__DATA__
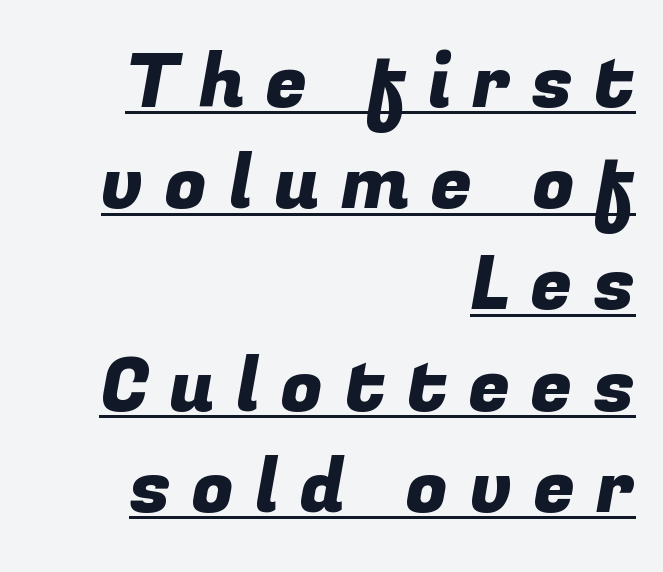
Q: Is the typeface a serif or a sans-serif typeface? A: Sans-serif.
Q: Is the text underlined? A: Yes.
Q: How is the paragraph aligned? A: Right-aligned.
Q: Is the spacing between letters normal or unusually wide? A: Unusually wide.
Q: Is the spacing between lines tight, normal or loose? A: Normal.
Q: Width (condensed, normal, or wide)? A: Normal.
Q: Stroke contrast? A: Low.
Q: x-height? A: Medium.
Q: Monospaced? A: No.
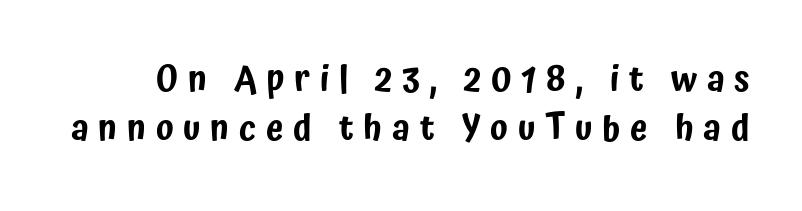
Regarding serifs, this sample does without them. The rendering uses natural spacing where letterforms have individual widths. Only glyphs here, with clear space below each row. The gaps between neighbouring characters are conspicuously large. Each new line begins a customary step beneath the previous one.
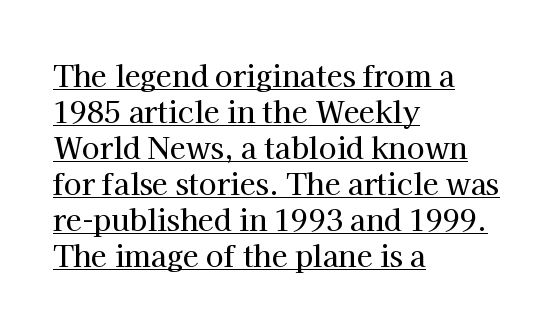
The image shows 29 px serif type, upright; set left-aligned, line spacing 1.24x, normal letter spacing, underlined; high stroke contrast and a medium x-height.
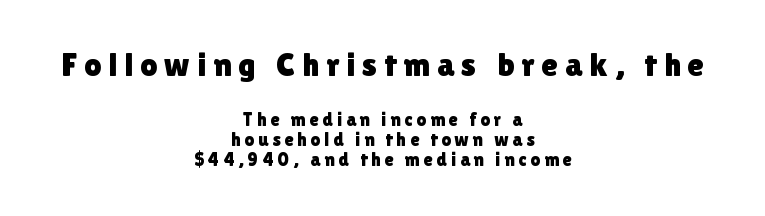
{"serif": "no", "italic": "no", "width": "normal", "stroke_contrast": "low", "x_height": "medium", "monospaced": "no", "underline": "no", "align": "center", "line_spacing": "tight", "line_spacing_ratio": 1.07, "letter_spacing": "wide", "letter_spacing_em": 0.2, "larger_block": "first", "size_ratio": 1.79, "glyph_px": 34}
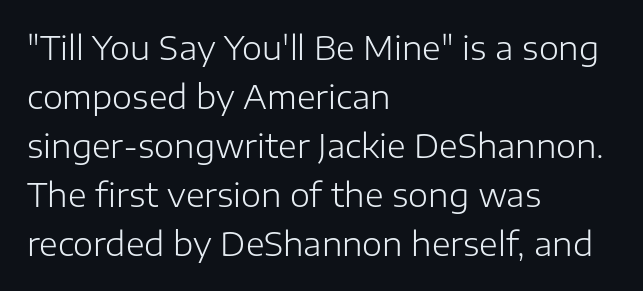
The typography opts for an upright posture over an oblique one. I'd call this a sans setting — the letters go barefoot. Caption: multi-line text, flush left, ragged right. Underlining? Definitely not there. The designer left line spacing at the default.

__REQUIRED ACTION__
Copy exactly, please, the lines that run from the line holding "Q: Is the spacing between lines" through the closing line of the material above, omitting every picture.

__ANSWER BELOW__
Q: Is the spacing between lines tight, normal or loose? A: Normal.
Q: Width (condensed, normal, or wide)? A: Normal.
Q: Stroke contrast? A: Low.
Q: x-height? A: Medium.
Q: Monospaced? A: No.
Regarding serifs, this sample does without them. The rendering uses natural spacing where letterforms have individual widths. Only glyphs here, with clear space below each row. The gaps between neighbouring characters are conspicuously large. Each new line begins a customary step beneath the previous one.
The image shows 29 px serif type, upright; set left-aligned, line spacing 1.24x, normal letter spacing, underlined; high stroke contrast and a medium x-height.
{"serif": "no", "italic": "no", "width": "normal", "stroke_contrast": "low", "x_height": "medium", "monospaced": "no", "underline": "no", "align": "center", "line_spacing": "tight", "line_spacing_ratio": 1.07, "letter_spacing": "wide", "letter_spacing_em": 0.2, "larger_block": "first", "size_ratio": 1.79, "glyph_px": 34}
The typography opts for an upright posture over an oblique one. I'd call this a sans setting — the letters go barefoot. Caption: multi-line text, flush left, ragged right. Underlining? Definitely not there. The designer left line spacing at the default.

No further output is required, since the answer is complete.